Although a combination of features is shown in the illustrated examples, not all of them need to be combined to realize the benefits of various embodiments of this disclosure. In other words, a system designed according to an embodiment of this disclosure will not necessarily include all of the features shown in any one of the Figures or all of the portions schematically shown in the Figures. Moreover, selected features of one example embodiment may be combined with selected features of other example embodiments.

The preceding description is exemplary rather than limiting in nature. Variations and modifications to the disclosed examples may become apparent to those skilled in the art that do not necessarily depart from this disclosure. The scope of legal protection given to this disclosure can only be determined by studying the following claims.

Claims

1. A method of making a ceramic matrix composite, comprising:

forming a ceramic matrix composite component by infiltrating an array of ceramic-based fibers with a ceramic-based matrix, wherein the array of ceramic-based fibers has a surface that includes gaps between adjacent ones of the fibers;

applying a paste including filler particles and filler matrix in a carrier fluid to the surface of the ceramic-based fibers that includes the gaps such that the paste fills the gaps; and

removing the carrier fluid to leave behind a filler including the filler particles and the filler matrix in the gaps.

2. The method of claim 1, further comprising the step of abrading an outer surface of the paste to remove at least a portion of the paste after the removing step.

3. The method of claim 1, further comprising the step of applying an environmental barrier coating to an outer surface of the filler.
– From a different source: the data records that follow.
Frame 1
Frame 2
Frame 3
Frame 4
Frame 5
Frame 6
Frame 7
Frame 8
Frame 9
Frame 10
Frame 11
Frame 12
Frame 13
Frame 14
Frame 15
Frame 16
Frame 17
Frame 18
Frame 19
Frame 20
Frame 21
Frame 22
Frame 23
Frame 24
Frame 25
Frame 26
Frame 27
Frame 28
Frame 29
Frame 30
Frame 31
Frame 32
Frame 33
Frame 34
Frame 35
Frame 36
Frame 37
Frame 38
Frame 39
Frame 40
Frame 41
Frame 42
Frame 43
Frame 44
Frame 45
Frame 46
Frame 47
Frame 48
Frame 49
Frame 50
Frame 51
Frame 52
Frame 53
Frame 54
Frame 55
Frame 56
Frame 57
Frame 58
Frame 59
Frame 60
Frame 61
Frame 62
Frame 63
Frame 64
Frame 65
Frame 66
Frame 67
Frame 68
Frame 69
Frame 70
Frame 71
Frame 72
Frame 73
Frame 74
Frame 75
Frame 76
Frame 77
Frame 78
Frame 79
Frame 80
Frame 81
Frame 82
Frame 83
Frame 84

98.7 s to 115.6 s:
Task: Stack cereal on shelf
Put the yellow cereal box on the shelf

4. The method of claim 3, further comprising the step of sintering the ceramic matrix composite component after the step of applying the environmental barrier coating to simultaneously sinter the filler and the environmental barrier coating.
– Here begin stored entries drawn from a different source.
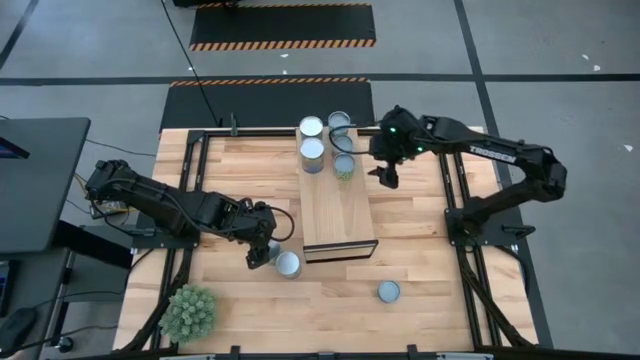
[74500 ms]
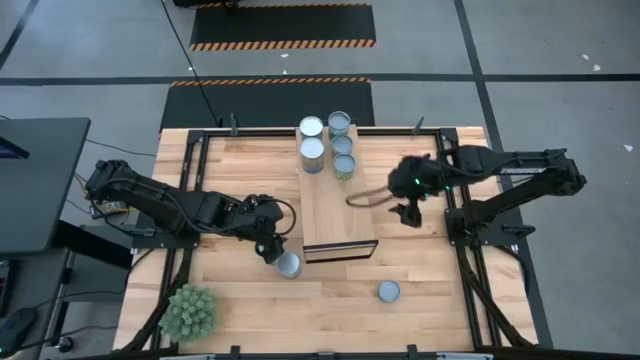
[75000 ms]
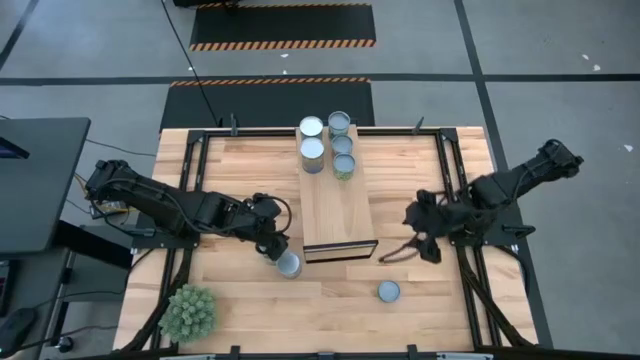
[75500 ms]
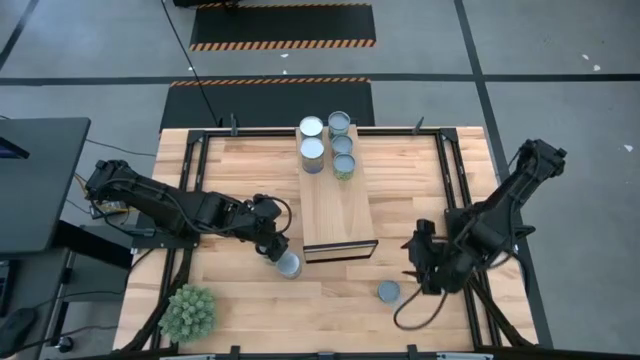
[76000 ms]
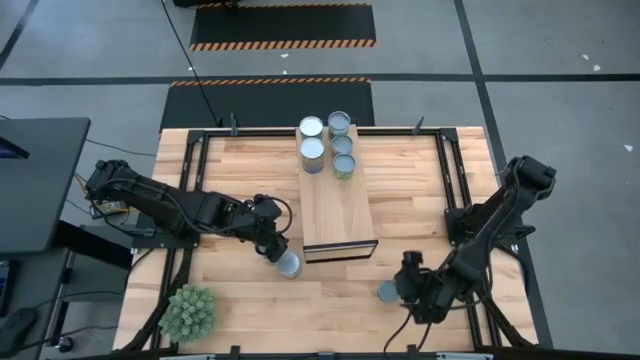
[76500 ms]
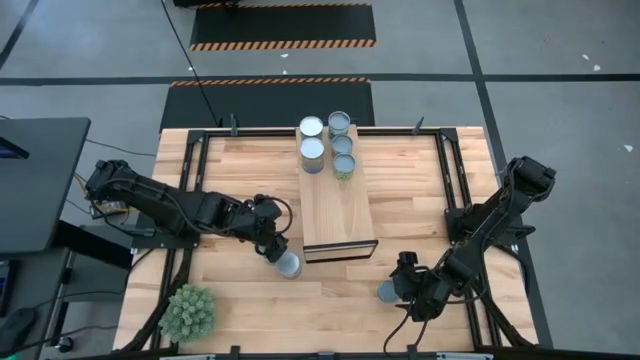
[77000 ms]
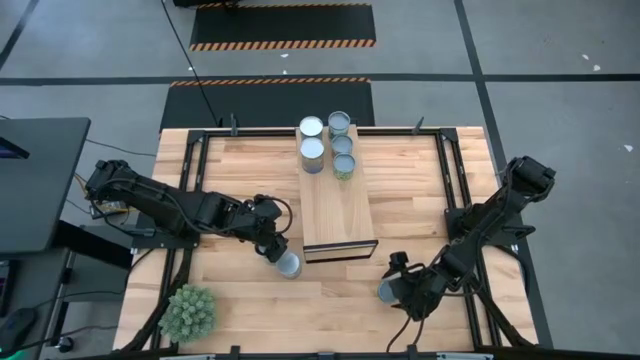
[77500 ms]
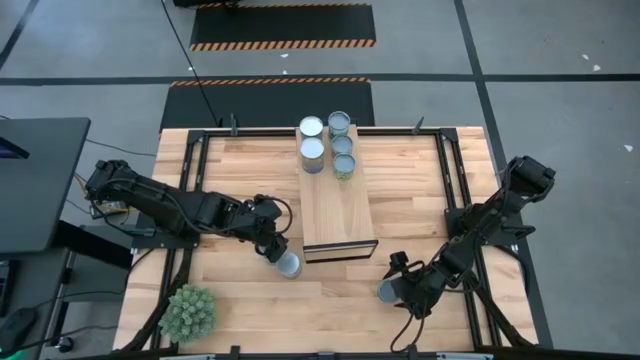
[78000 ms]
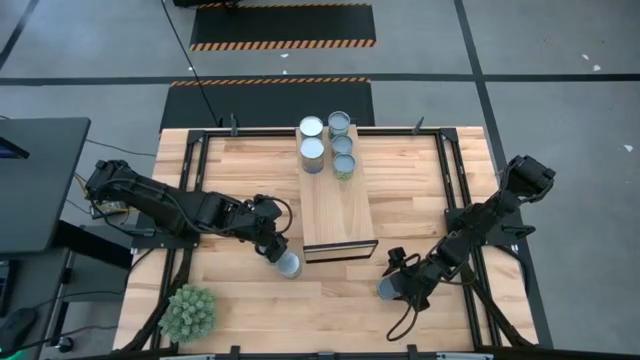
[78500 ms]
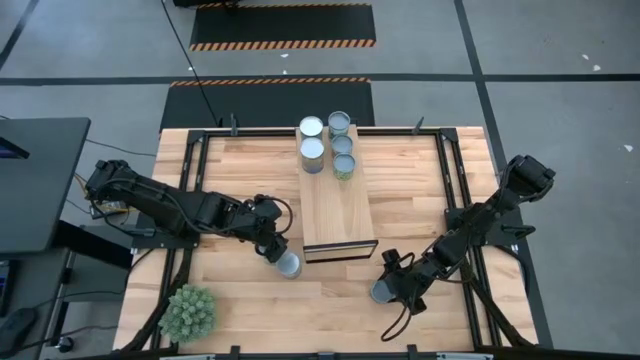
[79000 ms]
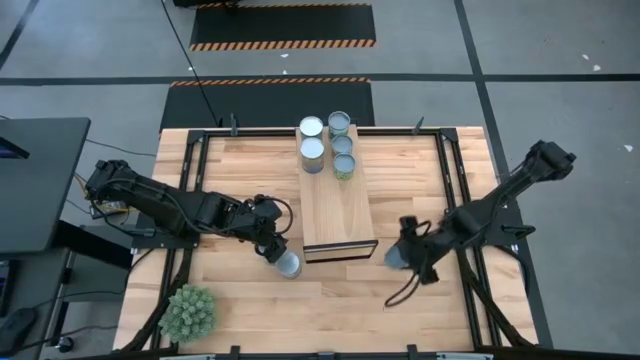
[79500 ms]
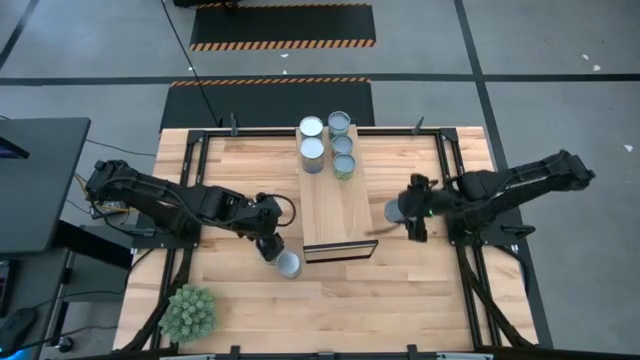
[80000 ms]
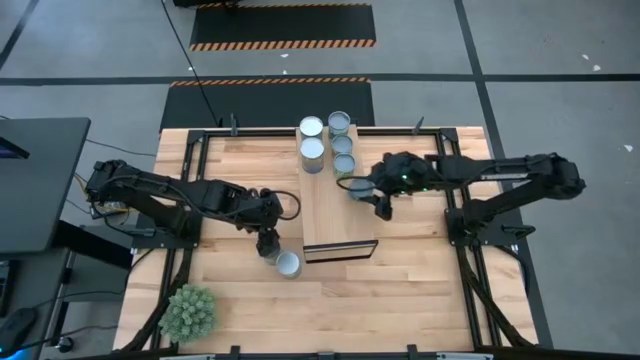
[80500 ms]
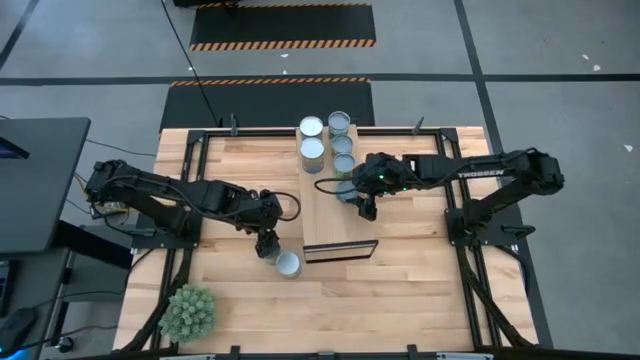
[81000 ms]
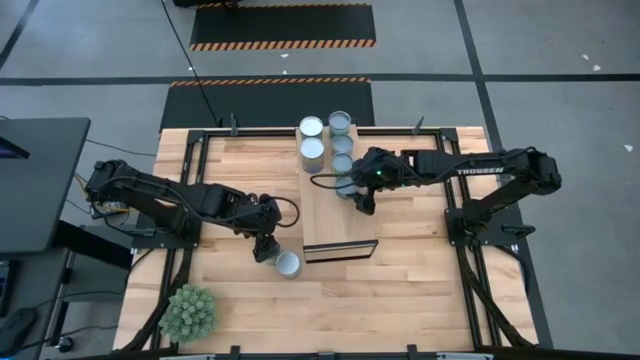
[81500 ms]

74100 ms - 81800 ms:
Task: Pick and place cans onto a shelf
Put the canned tuna on the shelf

5. The method of claim 3, wherein the gaps have an average length L and the environmental barrier coating has a thickness T, and length L is at least about 50% of the size of the thickness T.

6. The method of claim 1, wherein the fibers are woven to form the array.

7. The method of claim 6, wherein the fibers include a first set of fibers oriented in a first direction and a second set of fibers oriented in a second direction different from the first direction and woven with the first set of fibers.

8. The method of claim 1, wherein the fibers are arranged in fiber tows.

9. The method of claim 1, wherein the filler matrix includes at least one of silicon carbide, hafnium silicate and colloidal silica.

10. The method of claim 1, wherein the filler particles include gettering particles.

11. The method of claim 1, wherein the filler further includes submicron packing particles.

12. The method of claim 1, wherein the filler particles have an average diameter between about 20 and about 40 microns.

13. A ceramic matrix composite component, comprising:

an array of ceramic-based fibers disposed in a ceramic-based matrix, and gaps between adjacent ones of fibers at a surface of the fiber array; and

a filler disposed on the surface of the fiber array and in the gaps, the filler including gettering particles in a filler matrix.

14. The ceramic matrix composite component of claim 13, further comprising an environmental barrier coating disposed on an outer surface of the filler.

15. The ceramic matrix composite component of claim 14, wherein the gaps have an average length L and the environmental barrier coating has a thickness T, and length L is at least about 50% of the size of the thickness T.

16. The ceramic matrix composite component of claim 13, wherein the filler matrix includes at least one of silicon carbide, hafnium silicate and colloidal silica.

17. The ceramic matrix composite component of claim 13, wherein the gettering particles have an average diameter between about 20 and about 40 microns.

18. The ceramic matrix composite component of claim 13, wherein the filler further includes submicron packing particles.

19. The ceramic matrix composite component of claim 18 wherein the submicron packing particles are inert.

20. The ceramic matrix composite component of claim 13, wherein the filler includes glass additives.